Lizandra é dura na queda


Lizandra Frantz entrou no hospital com a expectativa de ficar seis meses, e saiu em 17 dias, voltando a trabalhar em apenas dois meses

Ela teve o corpo em chamas e a vida de volta

 

 

Apenas 40 dias separam o momento em que Lizandra chegou ao Hospital de Pronto Socorro em Porto Alegre pedindo para se despedir de seus pais de quando pôde tomar um banho de chuveiro e se sentir viva com a sensação de deixar a água escorrer pelo corpo. Um acidente em casa, com uma lareira elétrica, fez toda a sua vida mudar em segundos.  

 

Lizandra Frantz tem 23 anos, é natural de Pantano Grande e se mudou para Cachoeira no início deste ano. Formada em Estetacosmetologia pela Universidade de Santa Cruz do Sul (Unisc), ela começou a trabalhar na cidade e conquistou seu espaço cuidando da estética e autoestima das mulheres.  

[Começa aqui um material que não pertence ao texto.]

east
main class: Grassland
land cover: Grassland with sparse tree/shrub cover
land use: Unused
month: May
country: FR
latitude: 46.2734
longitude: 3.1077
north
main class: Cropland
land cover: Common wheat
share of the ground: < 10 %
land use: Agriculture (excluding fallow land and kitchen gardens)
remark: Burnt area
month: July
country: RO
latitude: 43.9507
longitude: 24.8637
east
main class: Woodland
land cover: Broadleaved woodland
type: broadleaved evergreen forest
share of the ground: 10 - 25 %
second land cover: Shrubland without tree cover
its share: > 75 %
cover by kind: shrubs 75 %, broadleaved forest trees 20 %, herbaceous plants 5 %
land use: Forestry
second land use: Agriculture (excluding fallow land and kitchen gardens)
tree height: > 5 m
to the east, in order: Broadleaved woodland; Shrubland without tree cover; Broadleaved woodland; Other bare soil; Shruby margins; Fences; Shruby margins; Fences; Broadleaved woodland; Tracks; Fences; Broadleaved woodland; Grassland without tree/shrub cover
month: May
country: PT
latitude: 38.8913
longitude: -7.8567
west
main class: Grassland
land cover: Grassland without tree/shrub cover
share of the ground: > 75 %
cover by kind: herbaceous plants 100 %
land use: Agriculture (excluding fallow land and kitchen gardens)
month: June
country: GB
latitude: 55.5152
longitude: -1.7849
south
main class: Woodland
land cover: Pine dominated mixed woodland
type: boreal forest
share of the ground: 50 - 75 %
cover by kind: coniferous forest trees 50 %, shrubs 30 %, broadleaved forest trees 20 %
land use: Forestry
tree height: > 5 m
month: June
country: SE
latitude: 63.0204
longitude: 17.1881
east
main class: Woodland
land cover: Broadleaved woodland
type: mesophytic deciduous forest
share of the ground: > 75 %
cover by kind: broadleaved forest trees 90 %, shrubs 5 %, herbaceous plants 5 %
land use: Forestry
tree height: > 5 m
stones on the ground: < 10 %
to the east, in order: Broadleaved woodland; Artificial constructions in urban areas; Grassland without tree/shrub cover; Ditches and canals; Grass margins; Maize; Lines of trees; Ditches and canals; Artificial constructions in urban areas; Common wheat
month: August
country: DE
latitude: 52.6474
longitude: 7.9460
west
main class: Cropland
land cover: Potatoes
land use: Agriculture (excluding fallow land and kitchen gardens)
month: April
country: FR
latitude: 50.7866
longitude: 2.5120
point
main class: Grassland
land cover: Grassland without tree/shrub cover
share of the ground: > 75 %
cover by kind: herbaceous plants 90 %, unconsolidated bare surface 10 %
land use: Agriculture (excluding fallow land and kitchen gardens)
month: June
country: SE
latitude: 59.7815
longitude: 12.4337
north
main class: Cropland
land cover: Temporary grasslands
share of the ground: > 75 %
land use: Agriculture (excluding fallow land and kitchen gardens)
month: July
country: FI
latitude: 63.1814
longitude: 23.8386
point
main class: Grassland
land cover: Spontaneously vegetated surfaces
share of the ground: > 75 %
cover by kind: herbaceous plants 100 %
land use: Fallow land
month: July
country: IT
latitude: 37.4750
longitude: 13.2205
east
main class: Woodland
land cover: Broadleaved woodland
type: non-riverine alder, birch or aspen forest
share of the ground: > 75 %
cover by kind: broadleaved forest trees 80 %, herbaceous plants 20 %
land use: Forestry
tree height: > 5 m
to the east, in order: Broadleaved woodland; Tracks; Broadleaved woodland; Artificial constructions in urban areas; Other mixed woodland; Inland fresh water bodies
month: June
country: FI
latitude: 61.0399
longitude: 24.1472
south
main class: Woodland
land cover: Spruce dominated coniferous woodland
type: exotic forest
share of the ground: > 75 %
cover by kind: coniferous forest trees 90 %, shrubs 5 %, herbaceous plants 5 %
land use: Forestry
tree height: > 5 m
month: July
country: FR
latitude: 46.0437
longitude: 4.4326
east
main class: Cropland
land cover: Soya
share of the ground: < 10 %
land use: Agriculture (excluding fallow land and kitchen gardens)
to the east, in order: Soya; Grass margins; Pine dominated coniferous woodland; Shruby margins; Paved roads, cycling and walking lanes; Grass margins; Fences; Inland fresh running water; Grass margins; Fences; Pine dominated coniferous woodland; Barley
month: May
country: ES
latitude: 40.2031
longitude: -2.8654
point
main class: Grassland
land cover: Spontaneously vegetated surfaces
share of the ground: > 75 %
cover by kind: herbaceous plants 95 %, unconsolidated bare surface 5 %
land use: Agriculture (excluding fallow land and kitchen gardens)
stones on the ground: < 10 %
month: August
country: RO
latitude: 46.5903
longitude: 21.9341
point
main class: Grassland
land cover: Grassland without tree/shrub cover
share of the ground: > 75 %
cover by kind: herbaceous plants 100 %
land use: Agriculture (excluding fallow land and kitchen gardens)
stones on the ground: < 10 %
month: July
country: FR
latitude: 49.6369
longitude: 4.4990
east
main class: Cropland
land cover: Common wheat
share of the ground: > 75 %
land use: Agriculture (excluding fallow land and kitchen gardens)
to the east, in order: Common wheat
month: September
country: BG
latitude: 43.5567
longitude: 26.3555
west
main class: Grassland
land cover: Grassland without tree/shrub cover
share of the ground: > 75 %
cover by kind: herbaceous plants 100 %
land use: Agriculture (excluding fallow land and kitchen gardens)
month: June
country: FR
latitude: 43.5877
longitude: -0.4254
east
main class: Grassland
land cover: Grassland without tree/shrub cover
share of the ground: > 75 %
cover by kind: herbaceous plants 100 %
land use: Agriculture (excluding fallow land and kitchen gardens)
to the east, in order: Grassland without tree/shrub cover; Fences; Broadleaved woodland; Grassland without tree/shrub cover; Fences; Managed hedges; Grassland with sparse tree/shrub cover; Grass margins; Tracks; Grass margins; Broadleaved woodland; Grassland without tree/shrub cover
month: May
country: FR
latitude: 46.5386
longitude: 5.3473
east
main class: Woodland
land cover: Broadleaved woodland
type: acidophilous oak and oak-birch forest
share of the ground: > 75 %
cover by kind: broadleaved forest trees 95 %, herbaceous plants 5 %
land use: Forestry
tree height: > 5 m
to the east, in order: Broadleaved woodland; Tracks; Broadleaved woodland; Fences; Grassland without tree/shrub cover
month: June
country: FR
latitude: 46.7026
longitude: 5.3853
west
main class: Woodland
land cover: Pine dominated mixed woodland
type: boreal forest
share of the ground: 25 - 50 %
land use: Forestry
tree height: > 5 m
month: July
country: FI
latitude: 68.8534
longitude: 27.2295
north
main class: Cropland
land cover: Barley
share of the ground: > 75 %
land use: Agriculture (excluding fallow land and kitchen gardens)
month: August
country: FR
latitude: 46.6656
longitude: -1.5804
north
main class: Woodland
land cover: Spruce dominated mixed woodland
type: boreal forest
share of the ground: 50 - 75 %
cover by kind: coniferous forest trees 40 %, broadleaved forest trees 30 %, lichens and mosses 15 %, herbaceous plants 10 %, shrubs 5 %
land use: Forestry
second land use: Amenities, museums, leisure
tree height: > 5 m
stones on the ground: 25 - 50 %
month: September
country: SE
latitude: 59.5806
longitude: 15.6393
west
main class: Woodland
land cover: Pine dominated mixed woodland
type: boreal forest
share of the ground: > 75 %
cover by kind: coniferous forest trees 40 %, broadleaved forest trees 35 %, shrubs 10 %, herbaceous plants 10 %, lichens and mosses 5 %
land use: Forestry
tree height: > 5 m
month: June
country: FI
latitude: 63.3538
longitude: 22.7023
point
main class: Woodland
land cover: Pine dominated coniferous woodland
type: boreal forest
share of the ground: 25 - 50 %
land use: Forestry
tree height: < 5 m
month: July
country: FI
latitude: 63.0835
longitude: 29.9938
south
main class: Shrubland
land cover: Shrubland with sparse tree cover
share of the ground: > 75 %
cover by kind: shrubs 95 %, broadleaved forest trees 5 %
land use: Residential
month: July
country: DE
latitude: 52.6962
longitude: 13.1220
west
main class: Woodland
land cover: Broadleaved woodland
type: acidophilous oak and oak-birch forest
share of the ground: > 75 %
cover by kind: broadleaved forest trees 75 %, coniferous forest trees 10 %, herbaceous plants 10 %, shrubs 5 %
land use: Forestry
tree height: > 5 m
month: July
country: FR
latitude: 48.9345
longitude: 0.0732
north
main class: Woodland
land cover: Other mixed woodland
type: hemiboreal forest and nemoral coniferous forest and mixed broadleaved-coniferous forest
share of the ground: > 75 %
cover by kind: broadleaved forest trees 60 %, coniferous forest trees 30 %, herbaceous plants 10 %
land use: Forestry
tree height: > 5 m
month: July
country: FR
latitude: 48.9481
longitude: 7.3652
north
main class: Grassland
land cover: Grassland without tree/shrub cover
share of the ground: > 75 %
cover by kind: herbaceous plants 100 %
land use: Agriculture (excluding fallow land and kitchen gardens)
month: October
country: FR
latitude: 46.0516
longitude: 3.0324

Lizandra Frantz não esconde as cicatrizes que a fizeram ressignificar muitas coisas em sua vida 


 

Sempre muito vaidosa, acostumada a receber elogios e sendo inspiração em beleza para suas clientes, teve que aprender a se aceitar e olhar suas cicatrizes no espelho sem derrubar uma lágrima. “Quando eu cheguei ao hospital, eu escutava as pessoas falando: ‘Esta menina não vai sobreviver’, e, naquele momento, tudo que eu queria era ver meus pais e poder me despedir deles”. 

 

Deus coloca anjos o tempo todo perto da gente. Anjos que chamamos de amigos, e são eles que nos socorrem no desespero. Lizandra reconhece que só está viva hoje, porque Deus permitiu e enviou seus guardiões para que ela pudesse se livrar das chamas que queimavam seu corpo e chegar a Porto Alegre com vida.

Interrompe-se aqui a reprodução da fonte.